Philbrewalager said:


> Double Diamond clone



:huh: Havnt heard of it, is that an english beer?

I havent tried challenger myself..


----------



## T.D. (30/11/08)

EKG is very similar too. I have always loved the aroma of challenger out of the packet, but have never been able to get that into the beer for some reason. Don't overuse it either, I think Challenger is a variety where less is often more. I made a big IPA with it once and found the hop flavour to be quite harsh. In lower quantities its very nice though.


----------



## PhilA (30/11/08)

Yer I first tried it in an English pub in Perth it was on tap , I liked it then so when I was looking at" Clone Brews" I think it was called it brought back fond memorys of a great day and night on the stuff ! 
I'll only be using 14 gms , per the recipe if interested I can write the recipe here ? Don't know how to do attachments  
Cheers Phil


----------



## reviled (30/11/08)

Philbrewalager said:


> Yer I first tried it in an English pub in Perth it was on tap , I liked it then so when I was looking at" Clone Brews" I think it was called it brought back fond memorys of a great day and night on the stuff !
> I'll only be using 14 gms , per the recipe if interested I can write the recipe here ? Don't know how to do attachments
> Cheers Phil



Write it up, im keen to have a squiz


----------



## PhilA (30/11/08)

Just sussed it ! I think it should be double diamond recipe


----------



## PhilA (30/11/08)

No I thought i cracked it but no still can't do a bloooody attachment sohere it is :
Double Diamond Clone ;
4.00 kg Pale Malt 
850gmsAmber Malt 
200gms Crystal 
170gms Flaked Maize 
170gms Toasted Malt 
Mash in ,add 14.06 l @ 75 c
hold @ 67.8c for 60 mins
Mash out ,add 7.87l @ 91.7c 
hold mash @ 75.6 c for 10 mins 
drain 
batch sparge 11.17 l @ 75.6 c 
boil volume 27.10 l 
estamate pre - boil 1.044 sg 
90 min boil 45g Goldings EK
45 min 14g Challenger 
45mins 14g Goldings EK
15 min 1 tsp Irish Moss
1 mins 14g Fuggles
1 mins 14g Strrian Goldings
estamate 1.053sg 
estamate FG 1.014
might use Safale yeast , can't get liguid unless I get them on line the local hasn't stocked them .
Cheers Phil :chug: :beer:


----------



## Bribie G (30/11/08)

Sounds good, I'm going to use Challenger when I do my Brains SA attempt. Bloody lovely beer, developed my beer glands on it in my 20s and it's still as good as ever.

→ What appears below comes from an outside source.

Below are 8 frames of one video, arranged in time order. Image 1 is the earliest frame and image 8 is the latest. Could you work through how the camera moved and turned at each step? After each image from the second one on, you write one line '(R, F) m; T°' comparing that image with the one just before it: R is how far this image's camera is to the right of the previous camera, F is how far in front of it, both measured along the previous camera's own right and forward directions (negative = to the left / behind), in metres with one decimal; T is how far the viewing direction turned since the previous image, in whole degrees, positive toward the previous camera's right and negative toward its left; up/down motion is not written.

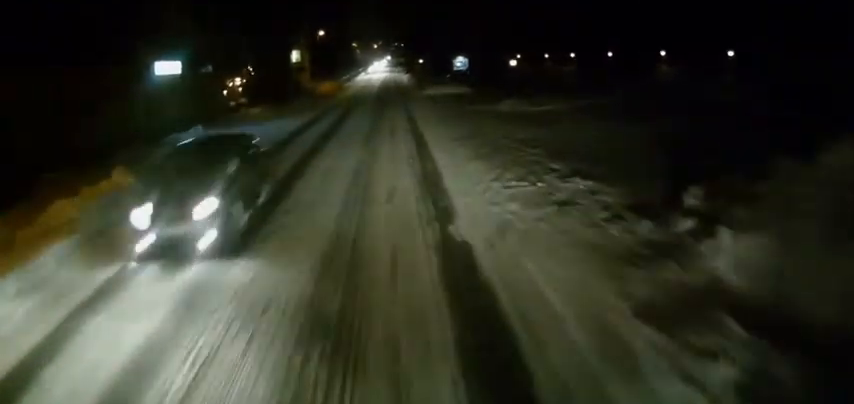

Let's know how you got on and what OG and ABV you got.


----------



## T.D. (30/11/08)

With 14g at 45mins you probably could have just doubled the 45min EKG addition. Also seems to me like a lot of Amber malt. Having said that I have never tried the beer that you are modelling the recipe on. But 16% amber is a lot in any recipe. Hope it works out though, gotta love the combo of fuggles, ekg, styrian goldings and challenger!


----------



## Stuster (30/11/08)

S.A. The beer I grew up on too. Miss a good draught pint of that. Glad to hear it's still good. :chug:


----------